Standards for Indoor Pesticide Applications Receive Priority
Over the past two decades, the BPC has repeatedly considered, but failed to meaningfully tackle, the lack of notification procedures for indoor pesticide applications in rental premises or commercial and public buildings and reasonable measures to ensure the safety of tenants and the public. In two years of rulemaking procedures that led to pesticide drift regulations in 1987, many witnesses expressed concerns that people were more likely to be exposed to pesticides from unregulated indoor applications than outdoor drift. According to a January 30, 2002, staff memo, “the Board members at the time agreed and promised to explore the indoor issues once they completed work on Chapter 22.”
Other states have adopted regulations on indoor use, and in 1990, the staff presented the board with a draft regulation setting standards for indoor application, but it was never enacted. A number of egregious instances have come to the board’s attention in enforcement proceedings, underscoring the need for protecting the public through tougher regulations. In one instance, an unlicensed landlord applied an illegal pesticide with a “Supersoaker” watergun inside a pregnant woman’s apartment. This instance was ripe for enforcement, because the applicator was unlicensed; however, Maine does not require that landlords notify or obtain consent of their tenants before applying pesticides to apartments.
In 1999, the board convened a Pesticide Indoor Use Advisory Committee to revisit this issue. The committee, which included only a minority of “environmental” members and included representatives of the restaurant and rental real estate industries, developed a consensus recommendation of regulation requiring a logo on rental and commercial establishments, advising tenants and visitors that pesticides are used and giving contact numbers for further information.
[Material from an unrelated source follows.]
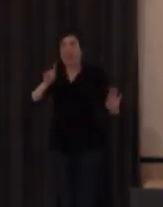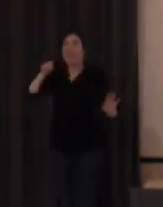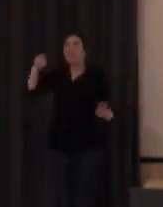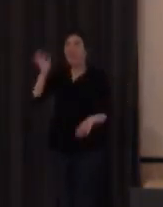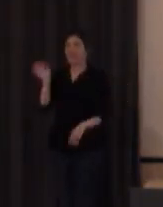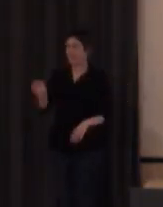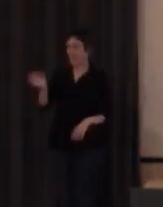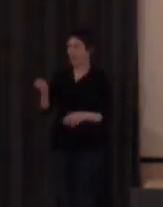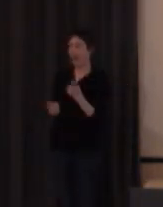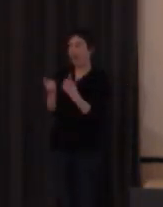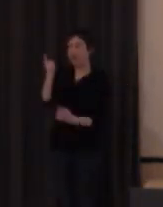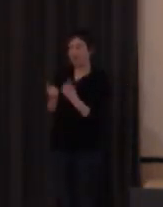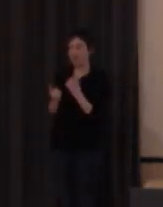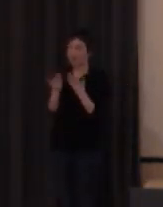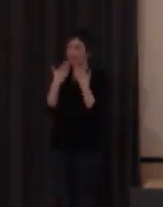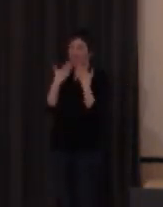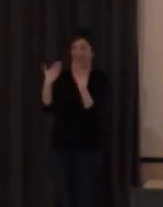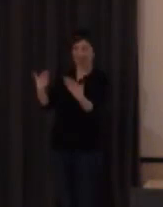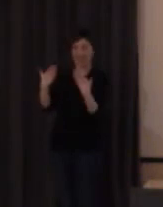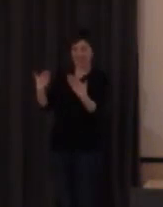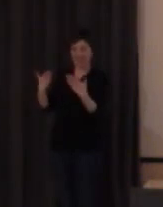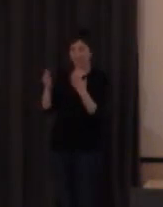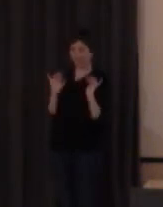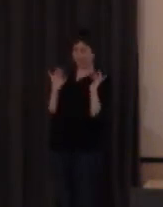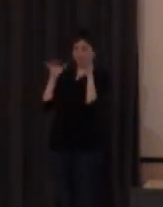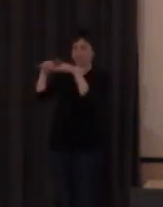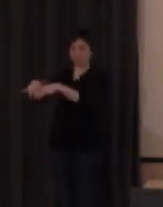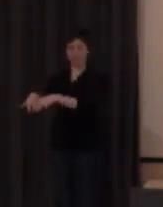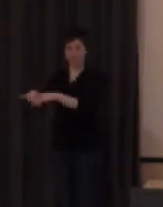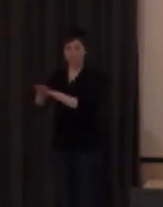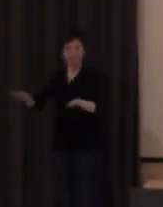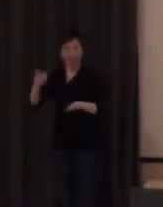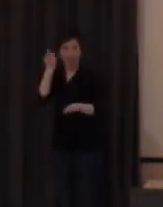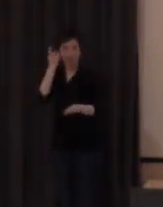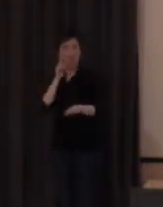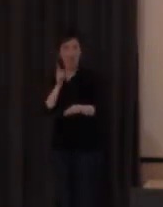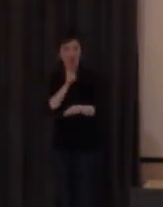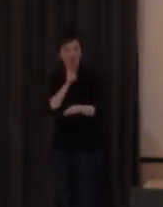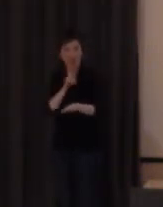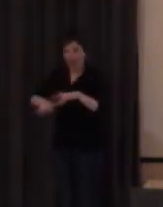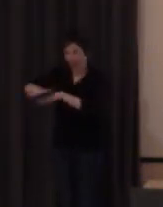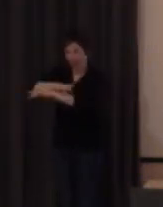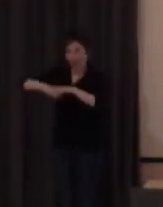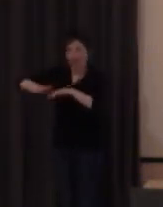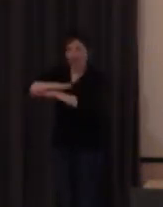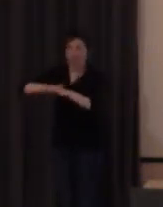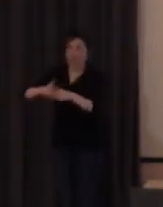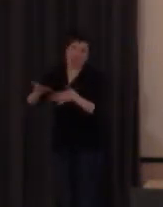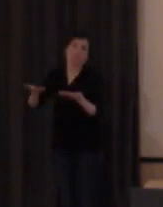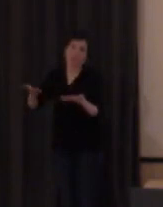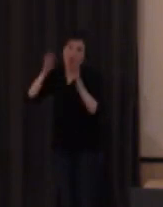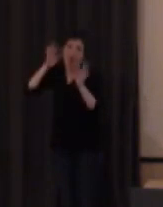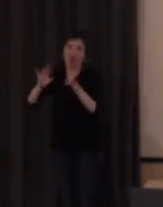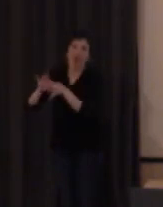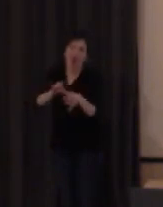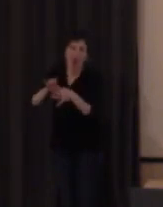que precisamente gracias a la concentración de alumnos sordos entre ellos pues se crea un vínculo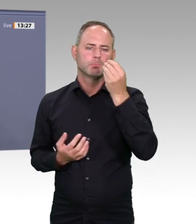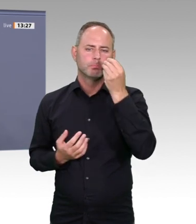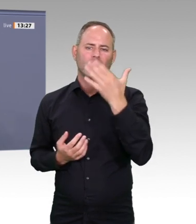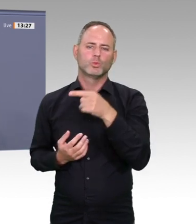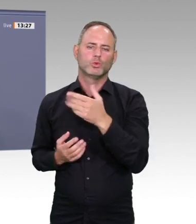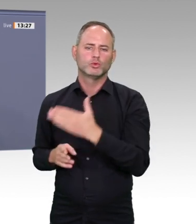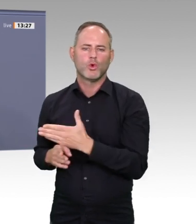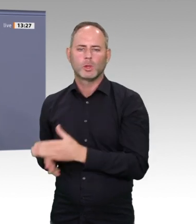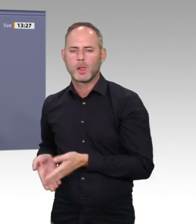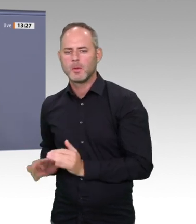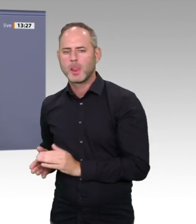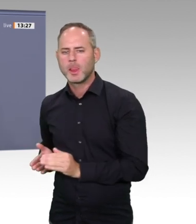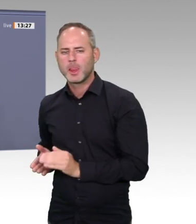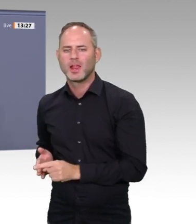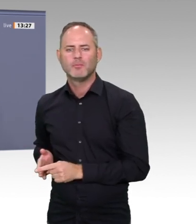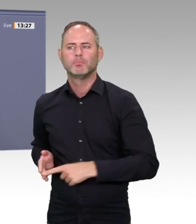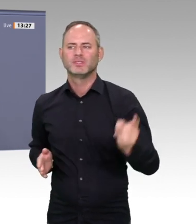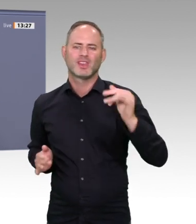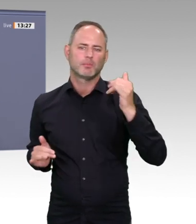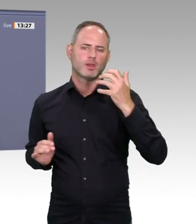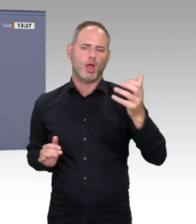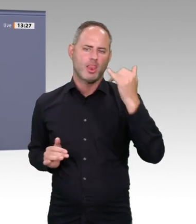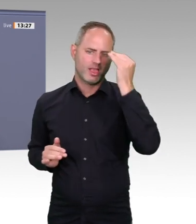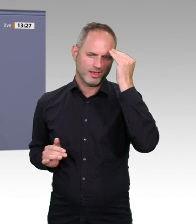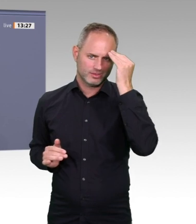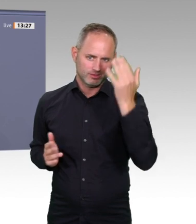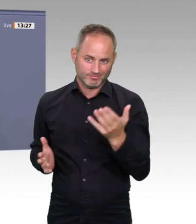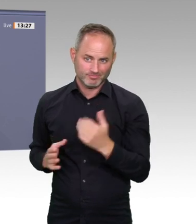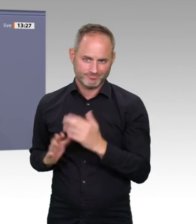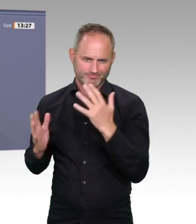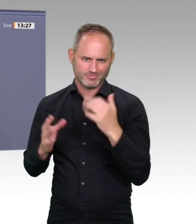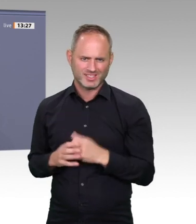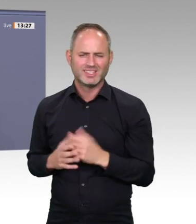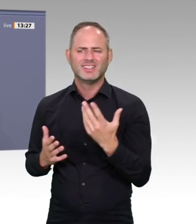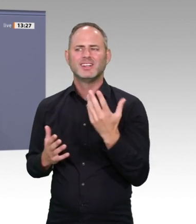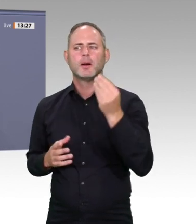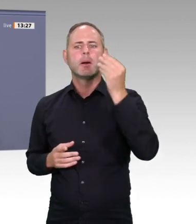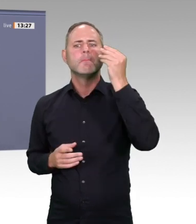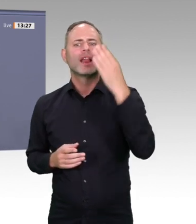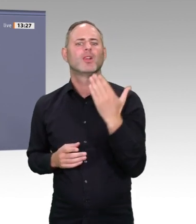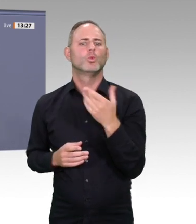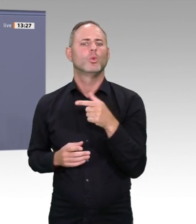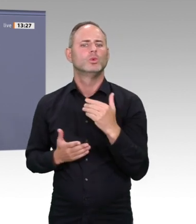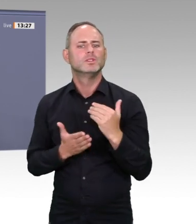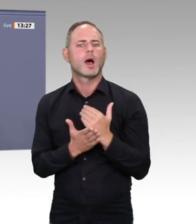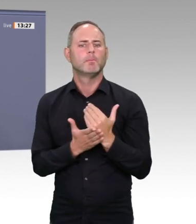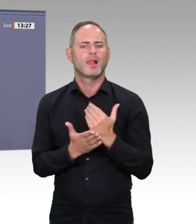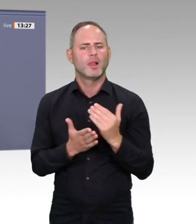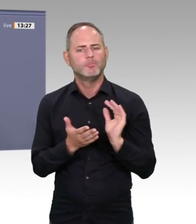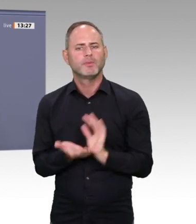Forschung zu Nachhaltigkeit oder für Forschung zu Nachhaltigkeit bedarf es wissenschaftlicher Entscheidungsfreiheiten

The board did not follow up on the proposal, despite the substantial time commitment from the advisory committee.
On June 13, 2003, this item reappeared on the BPC’s planning agenda, this time ranked first in a ballot taken of board members on “discretionary tasks” that it should undertake “for future action as time permits.” The item’s high ranking, garnering 15 votes, more than three times any other item, was perhaps provoked by another enforcement action in May against a Bangor landlord for applying insect foggers at three times the legal rate while an apartment was still occupied, sending two tenants to Eastern Maine Medical Center. (see The MOF&G, June-Aug. 2003.)
Bob Batteese, executive director of the BPC, noted that the resources addressed to Mary Ellen Valentine’s critical pesticide control area application and a consensus rulemaking process (see above) “may supersede” developing indoor regulations soon.